そして、商品ラインナップについても思い込みがありました。
当時、ご担当者さまは、培養土の商品ランナップを、「より細分化」 したほうが良いとお考えでした。漠然と 「野菜の土」 というよりも 「キュウリの土」 「ナスの土」 「トマトの土」 とターゲットを絞ったほうが消費者の心に響きやすいのではないか、「花の土」 よりも 「バラの土」 「菊の土」 「スイートピーの土」 のほうが良いのではないかと。

しかし、個別インタビューの結果は、全くの逆でした。
消費者は、「野菜の土」 や 「花の土」 を細分化するどころか、「野菜と花の土」 のたった1つだけで良いと考えていました。

その理由は?

 ● 細分化しているほうが良いのはわかるけれど、「野菜と花の土」でも7割くらいの効力はあると思う
 ● いろんな土を買って、土が余ったら、全部、保管しておかないといけないから邪魔になる
 ● 庭に、野菜と花をどれくらい植えるかなんて、事前に考えていない

などでした。

そのような消費者の考えは、消費者に直接聞いてみなければ、企業の担当者にはわからないのです。

【 鉄則 3 】 定性調査だけではなく、定量調査を。

しかし、先ほどの培養土の話を聞いて、「そうか、野菜と花の土で良いんだ!」 と確信するのは、まだ早いです。

個別インタビュー

先ほどの意見は、たった10人の個別インタビューの結果です。

ちなみに、個別インタビューやグループ (5~6人) インタビューなど、そのテーマについて深く掘り下げたり、臨機応変に脇道に逸れながら、新たな発見につなげるものを 定性調査 と呼びます。

しかし、個人の意見には偏りがあります。
ですので、それが特定の個人に偏った意見なのか、多くの一般的な意見なのかを確かめる必要があります。

そのためには、インターネット調査などで、統計的に意味を持つ結果が得られるように対象人数を考えた調査をします。 それを 定量調査 と呼びます。

【 鉄則 4 】 定量調査は、仮説検証型で。

それでは、「いきなり定量調査だけを実施すれば良いのでは?」 と思われるかもしれませんが、それはおススメできません。
なぜならば、「何を確かめるのか」 がわからずに 調査を進めてしまうことになるからです。

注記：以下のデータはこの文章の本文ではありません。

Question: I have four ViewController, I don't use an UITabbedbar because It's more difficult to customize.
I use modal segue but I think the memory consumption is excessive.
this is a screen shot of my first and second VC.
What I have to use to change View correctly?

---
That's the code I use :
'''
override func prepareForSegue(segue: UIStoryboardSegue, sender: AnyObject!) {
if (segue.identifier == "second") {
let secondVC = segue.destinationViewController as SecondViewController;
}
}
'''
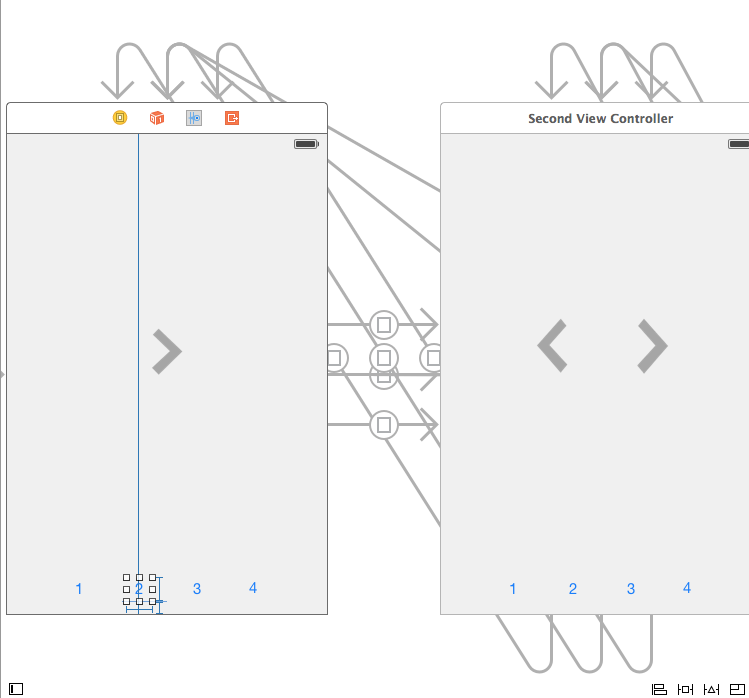
Answer: From your Storyboard diagram, it is clear that you have created a segue from each button in your "tab bar" to another view controller. Except for the , segues always create a new instance of the view controller they are switching to. So if you use your setup to switch from view controller 1 to view controller 2 and then back to view controller 1, you won't be returning to the view controller you came from but instead you will be creating an entirely new view controller 1.
This is why your memory consumption is excessive. You keep creating view controllers until your app crashes.
I would recommend you return to using a tab bar controller. They were designed to allocate the view controllers once up front and then just switch between them. Also, they have a standard look for a reason, it helps the user of your app know immediately how to interact with them.
---
To pass data between tabs, you won't use segues because there is no segue happening when you switch tabs. There are many ways you can do this, but they all boil down to having model data stored where all of the tabs can access it. This can be done with in a larger app. For a simple app, you can do the following:
1. Create a custom subclass of UITabBarController. Let's call it CustomTabBarController. Have that class create and hold the model data that will be accessed by each of your tabs. CustomTabBarController.swift: import UIKit
// This class holds the data for my model.
class ModelData {
var name = "Fred"
var age = 50
}
class CustomTabBarController: UITabBarController {
// Instantiate the one copy of the model data that will be accessed
// by all of the tabs.
var model = ModelData()
override func viewDidLoad() {
super.viewDidLoad()
// Do any additional setup after loading the view.
}
}
2. In your Storyboard, in the Identity Inspector, change the class of UITabBarController to CustomTabBarController.
3. In viewWillAppear in each of your tabs, get a reference to the model data and then you can use it. FirstViewController.swift: import UIKit
class FirstViewController: UIViewController {
override func viewWillAppear(_ animated: Bool) {
super.viewWillAppear(animated)
// Get a reference to the model data from the custom tab bar controller.
let model = (self.tabBarController as! CustomTabBarController).model
// Show that we can access and update the model data from the first tab.
// Let's just increase the age each time this tab appears and assign
// a random name.
model.age += 1
let names = ["Larry", "Curly", "Moe"]
model.name = names[Int(arc4random_uniform(UInt32(names.count)))]
}
}
SecondViewController.swift: import UIKit
class SecondViewController: UIViewController {
@IBOutlet weak var nameLabel: UILabel!
@IBOutlet weak var ageLabel: UILabel!
override func viewWillAppear(_ animated: Bool) {
super.viewWillAppear(animated)
// Get a reference to the model data from the custom tab bar controller.
let model = (self.tabBarController as! CustomTabBarController).model
// This tab will simply access the data and display it when the view
// appears.
nameLabel.text = model.name
ageLabel.text = "\(model.age)"
}
}
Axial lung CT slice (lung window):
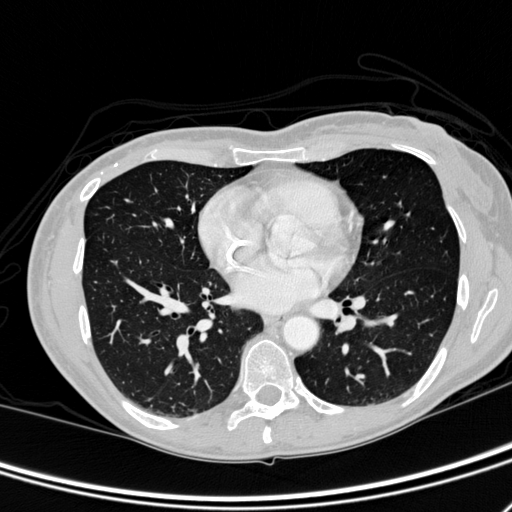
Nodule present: no

まず、定性調査などで、仮説 (先ほどの例では、消費者は 「細分化した培養土」 よりも、「野菜と花の土」 を選ぶこと・・・など) を立てて、それを 定量調査 で確かめる。 それがマーケティングリサーチの王道と言って良いでしょう。

数多くの対象者に、数多くの質問をしたにもかかわらず、欲しい結果が何も得られなかったということはよくあることです。(本当に!)

インターネット調査

そうならないためにも、

 ● 市場調査の必要性を よく理解すること
 ● 消費者よりも企業のほうが、商品知識が豊富だという思い込みを捨てること
 ● 定性調査だけではなく、定量調査を実施して 統計的な確からしさを得ること
 ● 定量調査の目的は、「事前に立てた仮説の検証である」 と認識すること

に気をつけて、マーケティングリサーチを実施してみてください!

ちなみに、諸事情により、培養土のパッケージは リニューアルされることなく、調査結果に基づく新パッケージ案は 残念ながら お蔵入りとなりました・・・。